Amy Adams stars as Lynne Cheney in Adam McKay's "Vice."
(Matt Kennedy / Annapurna Pictures)

Adams found her connection to Cheney not through song — she has no idea what kind of music Cheney likes, though she guesses it’s not heavy metal — but in an early, improvised scene where she’s talking to Dick on the phone while holding infant daughter Mary. Adams didn’t want to play Cheney as a political animal. This brief moment where she’s trying to figure out why her mac and cheese isn’t working flipped a switch in Adams’ head, moving her to base her performance, in part, on her scrappy grandmother.

Adams, 44, ended up seeing “Vice” for the first (and only) time with her own mother, who loved the movie, telling Adams that Lynne was her favorite character of any she’s ever portrayed.

“I think that’s because my mom’s a tough cookie, so she has that in common with Lynne,” Adams says. “She told me, and I loved this, ‘I know so many women like Lynne who have used their energy to push their husbands forward.’ And I think she saw something she could admire in that.”

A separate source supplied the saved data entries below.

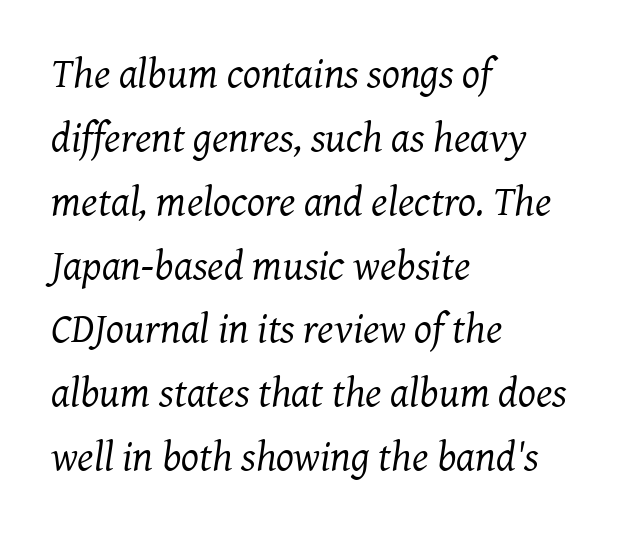
No chunkiness to these letters — they're not bold. There is no visible air inserted between adjacent glyphs. These lines were composed using italics. The passage shown stacks its lines at a standard gap.
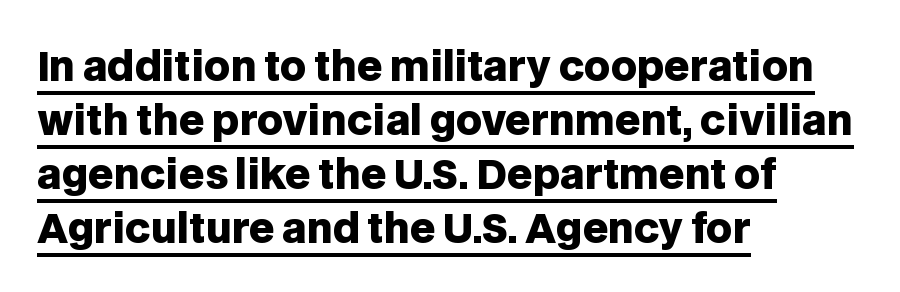
Q: Is the text bold? A: Yes.
Q: Is the text italic (slanted)? A: No, it is upright.
Q: Is the typeface a serif or a sans-serif typeface? A: Sans-serif.
Q: Is the text underlined? A: Yes.
Q: How is the paragraph aligned? A: Left-aligned.
Q: Is the spacing between letters normal or unusually wide? A: Normal.
Q: Is the spacing between lines tight, normal or loose? A: Normal.
Q: Width (condensed, normal, or wide)? A: Normal.
Q: Stroke contrast? A: Low.
Q: x-height? A: Large.
Q: Monospaced? A: No.

Not that Adams could fully relate to Cheney, particularly when it comes to parenting. Early in the movie, the Cheneys’ young daughters, Liz and Mary, visit Dick after he becomes Gerald Ford’s chief of staff. When he playfully answers Mary’s questions about the White House (“Is this where Santa lives?”), Lynne admonishes him, saying, “If you’re silly with her, she’ll grow up to be a silly woman.”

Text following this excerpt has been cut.